Hula hoop

Abstract

The present disclosure relates to a hula hoop. The hula hoop includes a track assembly with a plurality of track units interconnected end-to-end and a slider provided with rollers. The track unit includes an outer track having a receiving channel located at a first end and a protruding portion located at a second end opposite to the first end, a pressing component configured to secure two adjacent track units, and an inner track for jointly defining a circular path with the outer track. The rollers of the slider are configured to slide along the circular path.
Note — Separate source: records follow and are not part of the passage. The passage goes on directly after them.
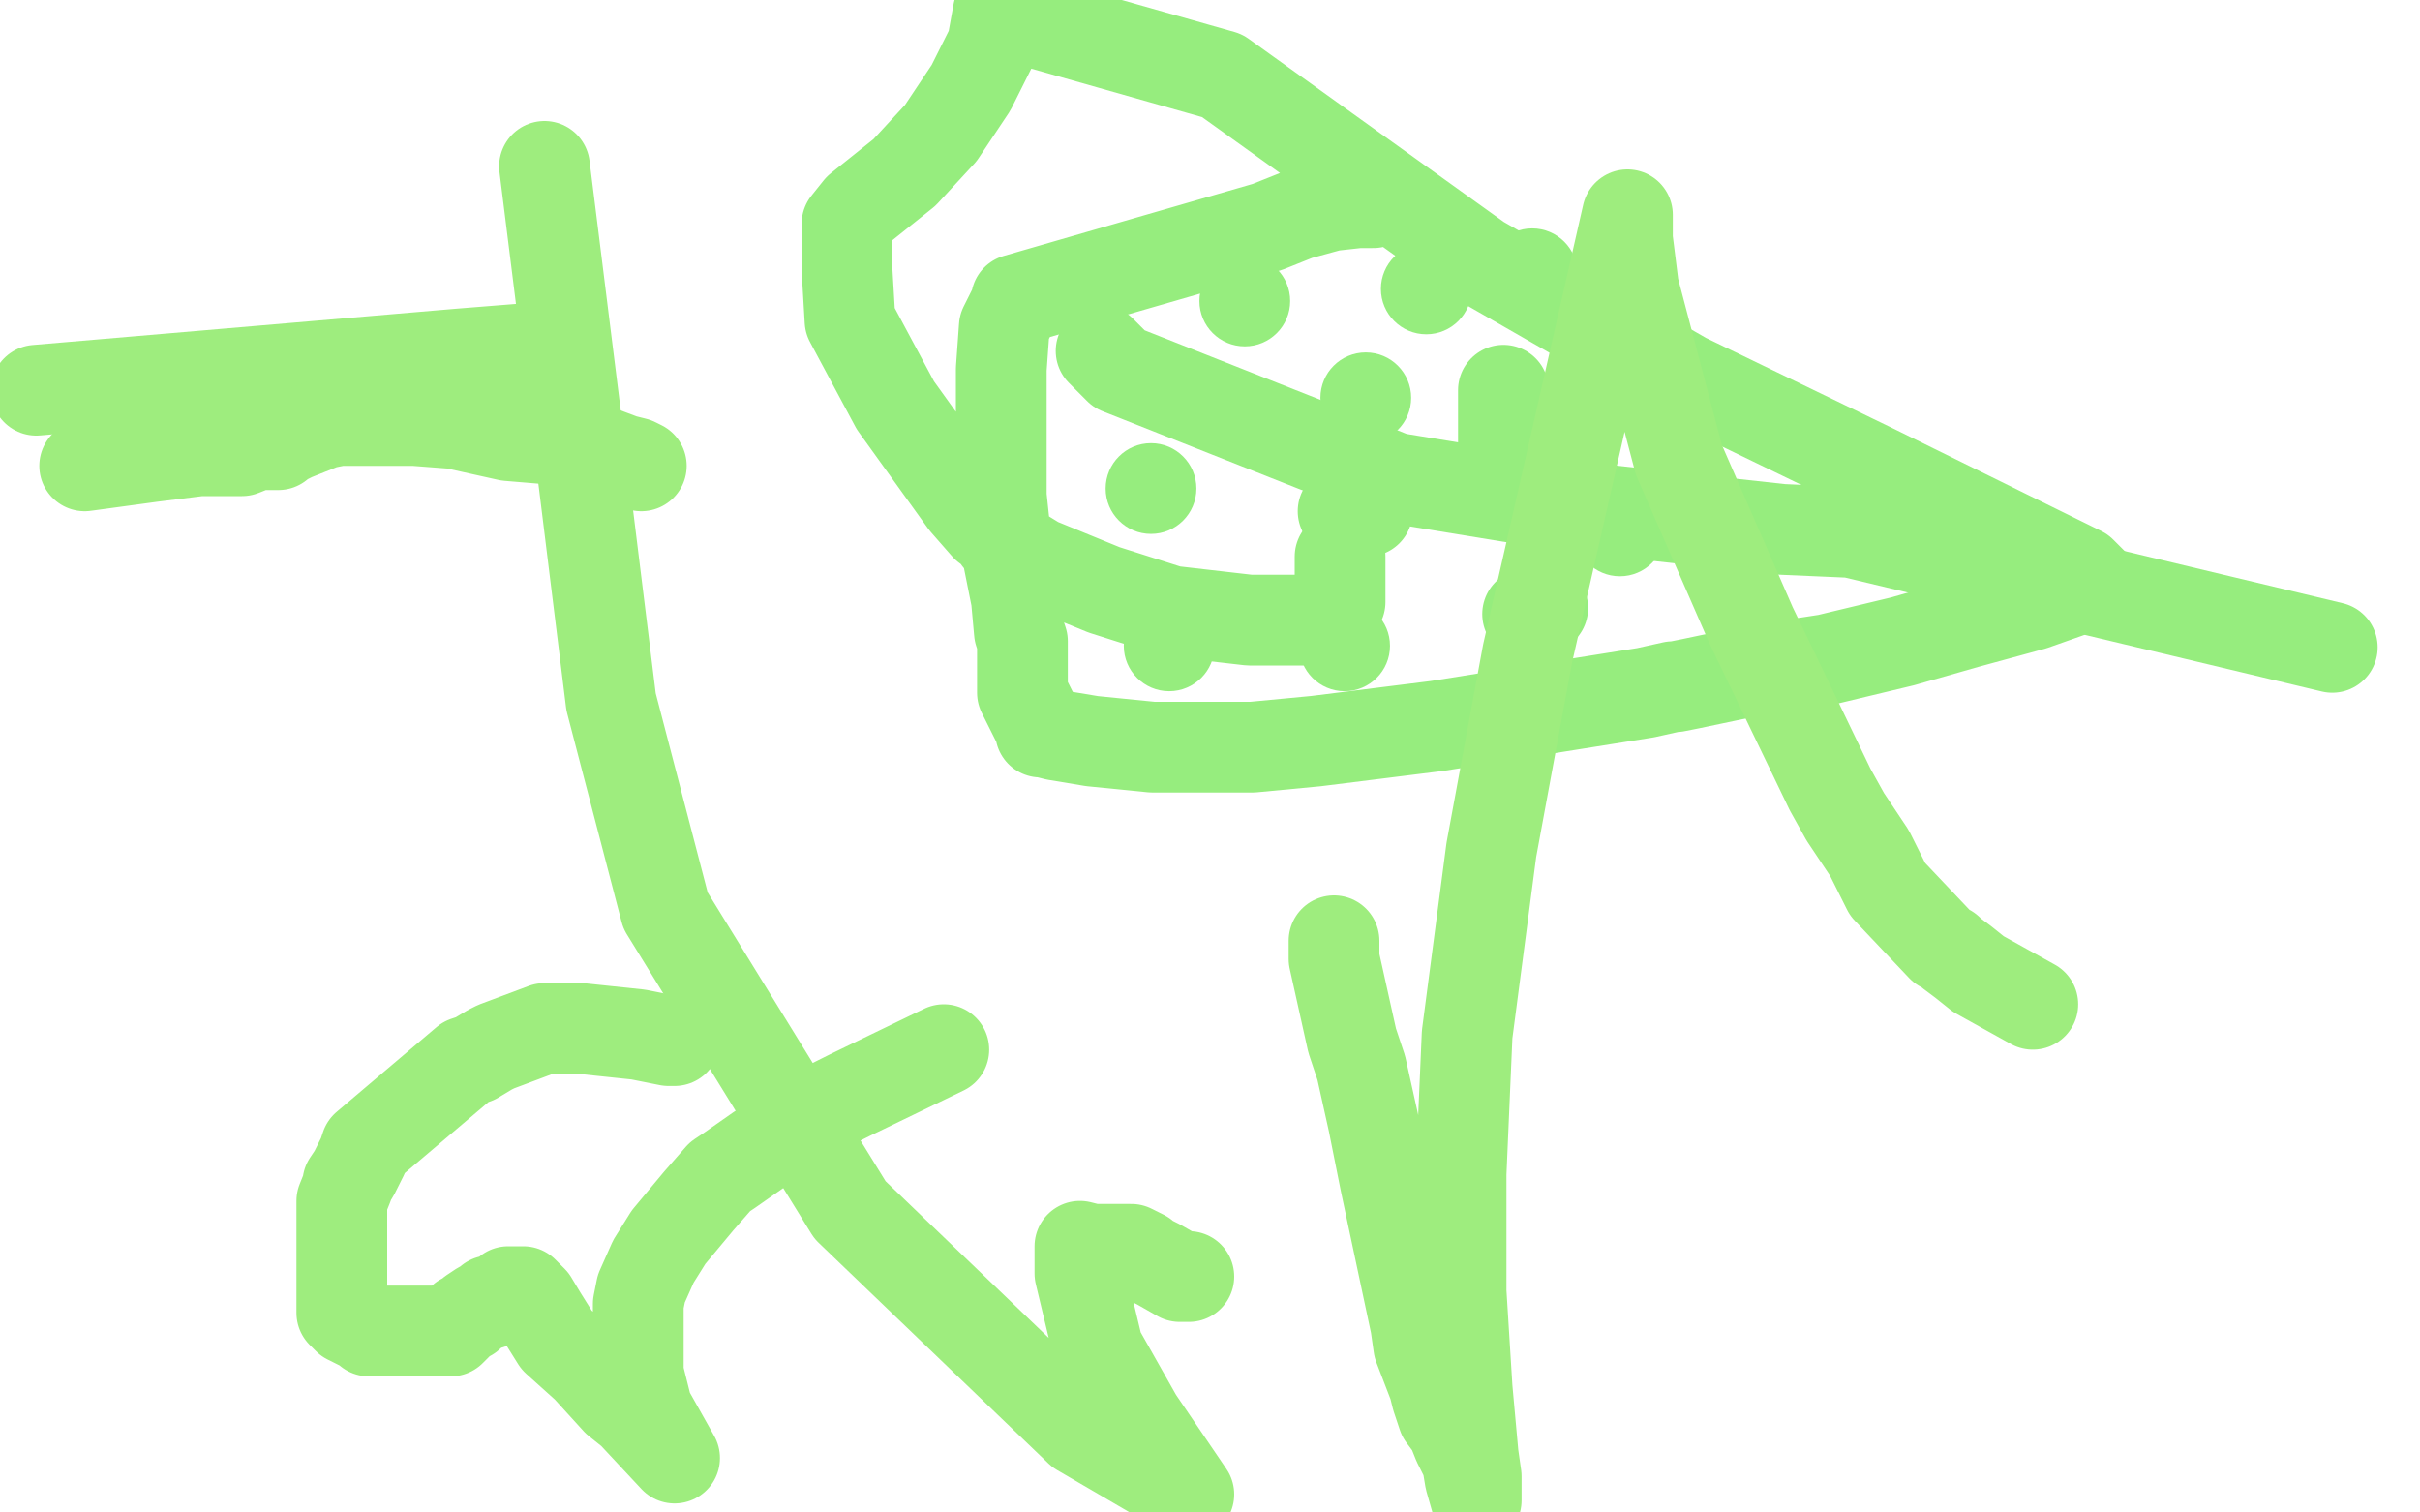 <?xml version="1.0" standalone="no"?>
<!DOCTYPE svg PUBLIC "-//W3C//DTD SVG 1.1//EN"
"http://www.w3.org/Graphics/SVG/1.1/DTD/svg11.dtd">

<svg width="800" height="500" version="1.1" xmlns="http://www.w3.org/2000/svg" xmlns:xlink="http://www.w3.org/1999/xlink" style="stroke-antialiasing: false"><desc>This SVG has been created on https://colorillo.com/</desc><rect x='0' y='0' width='800' height='500' style='fill: rgb(255,255,255); stroke-width:0' /><circle cx="471.5" cy="95.5" r="15" style="fill: #96ed7e; stroke-antialiasing: false; stroke-antialias: 0; opacity: 1.0"/>
<circle cx="411.5" cy="99.5" r="15" style="fill: #96ed7e; stroke-antialiasing: false; stroke-antialias: 0; opacity: 1.0"/>
<circle cx="451.5" cy="131.5" r="15" style="fill: #96ed7e; stroke-antialiasing: false; stroke-antialias: 0; opacity: 1.0"/>
<circle cx="535.5" cy="175.5" r="15" style="fill: #96ed7e; stroke-antialiasing: false; stroke-antialias: 0; opacity: 1.0"/>
<polyline points="510,201 509,201 509,201 505,203 505,203" style="fill: none; stroke: #96ed7e; stroke-width: 30; stroke-linejoin: round; stroke-linecap: round; stroke-antialiasing: false; stroke-antialias: 0; opacity: 1.0"/>
<circle cx="444.5" cy="213.5" r="15" style="fill: #96ed7e; stroke-antialiasing: false; stroke-antialias: 0; opacity: 1.0"/>
<circle cx="386.5" cy="213.5" r="15" style="fill: #96ed7e; stroke-antialiasing: false; stroke-antialias: 0; opacity: 1.0"/>
<circle cx="380.5" cy="161.5" r="15" style="fill: #96ed7e; stroke-antialiasing: false; stroke-antialias: 0; opacity: 1.0"/>
<polyline points="444,169 452,169 452,169" style="fill: none; stroke: #96ed7e; stroke-width: 30; stroke-linejoin: round; stroke-linecap: round; stroke-antialiasing: false; stroke-antialias: 0; opacity: 1.0"/>
<polyline points="497,159 497,136 497,136 497,129 497,129" style="fill: none; stroke: #96ed7e; stroke-width: 30; stroke-linejoin: round; stroke-linecap: round; stroke-antialiasing: false; stroke-antialias: 0; opacity: 1.0"/>
<circle cx="506.5" cy="90.5" r="15" style="fill: #96ed7e; stroke-antialiasing: false; stroke-antialias: 0; opacity: 1.0"/>
<polyline points="454,67 453,67 453,67 449,67 449,67 440,68 440,68 429,71 429,71 419,75 419,75 336,99 336,99 336,100 334,104 333,106 332,108 331,122 331,133 331,140 331,144 331,154 331,164 333,183 336,198 337,209 338,212 338,218 338,227 338,229 343,239 344,241 344,242 345,242 349,243 361,245 381,247 386,247 398,247 401,247 403,247 404,247 407,247 414,247 435,245 475,240 544,229 553,227 554,227 559,226 578,222 604,218 629,212 650,206 672,200 689,194 692,193 688,189 619,155 557,125 489,86 404,25 330,4 328,15 321,29 311,44 299,57 284,69 280,74 280,75 280,77 280,81 280,89 281,106 296,134 319,166 326,174 330,177 330,178 343,186 365,195 387,202 413,205 423,205 431,205 433,205 437,205 440,204 443,199 443,191 443,184" style="fill: none; stroke: #96ed7e; stroke-width: 30; stroke-linejoin: round; stroke-linecap: round; stroke-antialiasing: false; stroke-antialias: 0; opacity: 1.0"/>
<polyline points="364,116 370,122 370,122 461,158 461,158 516,167 516,167 589,175 589,175 612,176 612,176 771,214 771,214" style="fill: none; stroke: #96ed7e; stroke-width: 30; stroke-linejoin: round; stroke-linecap: round; stroke-antialiasing: false; stroke-antialias: 0; opacity: 1.0"/>
<polyline points="223,344 221,344 221,344 211,342 211,342 192,340 192,340 183,340 183,340 180,340 180,340 164,346 162,347 157,350 154,351 121,379 120,382 117,388 115,391 115,392 113,397 113,402 113,409 113,422 113,425 113,429 113,430 113,432 113,434 115,436 121,439 122,440 124,440 131,440 137,440 143,440 144,440 145,440 148,440 149,440 152,437 153,436 155,435 156,434 159,432 161,431 162,431 162,430 163,430 164,430 165,429 167,429 168,429 168,427 170,427 171,427 173,427 174,428 176,430 179,435 184,443 194,452 204,463 209,467 223,482 214,466 211,454 211,447 211,441 211,437 211,431 212,426 216,417 221,409 226,403 231,397 238,389 241,387 251,380 259,375 269,368 281,362 312,347" style="fill: none; stroke: #9eed7e; stroke-width: 30; stroke-linejoin: round; stroke-linecap: round; stroke-antialiasing: false; stroke-antialias: 0; opacity: 1.0"/>
<polyline points="441,311 441,317 441,317 443,326 443,326 447,344 447,344 450,353 450,353 454,371 454,371 458,391 458,391 468,438 469,445 474,458 475,462 477,468 480,472 482,477 484,481 485,483 486,489 488,496 488,488 487,481 485,459 483,427 483,388 485,342 493,281 505,216 538,71 538,79 540,95 555,152 579,207 605,261 610,270 618,282 624,294 642,313 644,314 645,315 649,318 654,322 672,332" style="fill: none; stroke: #9eed7e; stroke-width: 30; stroke-linejoin: round; stroke-linecap: round; stroke-antialiasing: false; stroke-antialias: 0; opacity: 1.0"/>
<polyline points="393,422 390,422 390,422 383,418 383,418 379,416 379,416 378,415 378,415 374,413 374,413 373,413 373,413 372,413 370,413 361,413 357,412 357,416 357,421 363,446 376,469 393,494 357,473 281,400 220,301 202,232 191,143 180,55" style="fill: none; stroke: #9eed7e; stroke-width: 30; stroke-linejoin: round; stroke-linecap: round; stroke-antialiasing: false; stroke-antialias: 0; opacity: 1.0"/>
<polyline points="177,115 152,117 152,117 12,129 12,129" style="fill: none; stroke: #9eed7e; stroke-width: 30; stroke-linejoin: round; stroke-linecap: round; stroke-antialiasing: false; stroke-antialias: 0; opacity: 1.0"/>
<polyline points="212,154 210,153 210,153 206,152 206,152 198,149 198,149 194,148 194,148 192,148 192,148 188,146 188,146 186,145 186,145 180,145 168,144 150,140 137,139 126,139 119,139 116,139 114,139 113,139 112,139 107,140 97,144 93,146 92,147 85,147 80,149 75,149 66,149 50,151 28,154" style="fill: none; stroke: #9eed7e; stroke-width: 30; stroke-linejoin: round; stroke-linecap: round; stroke-antialiasing: false; stroke-antialias: 0; opacity: 1.0"/>
</svg>

The hula hoop of the present disclosure is easy to assemble and disassemble.

Claims

1. A hula hoop, comprising: a track assembly with a plurality of track units interconnected end-to-end, and a slider provided with one or more rollers configured to slide along a circular path, wherein each track unit of the plurality of track units includes an outer track having a receiving channel located at a first end and a protruding portion located at a second end opposite to the first end, wherein the protruding portion of the outer track includes side protruding fingers and an intermediate protruding finger located between the side protruding fingers, and the side protruding fingers of one track unit is configured to be inserted into respective side channels of the receiving channel of another track unit, such that after the track units are assembled, a distance between an end face of the side protruding finger of the outer track of the one track unit and an end face that delimits the side channel of another track unit within which the protruding finger is inserted is in the range of 0.5 mm to 10 mm, and wherein the slider is provided with a light emitting device.

2. The hula hoop according to claim 1, wherein the slider includes a first half part and a second half part defined by a dividing plane, each half part having a base portion and an extending portion, wherein the base portion is provided with one or more roller bars, and wherein the rollers are mounted on the roller bars and are rotatable.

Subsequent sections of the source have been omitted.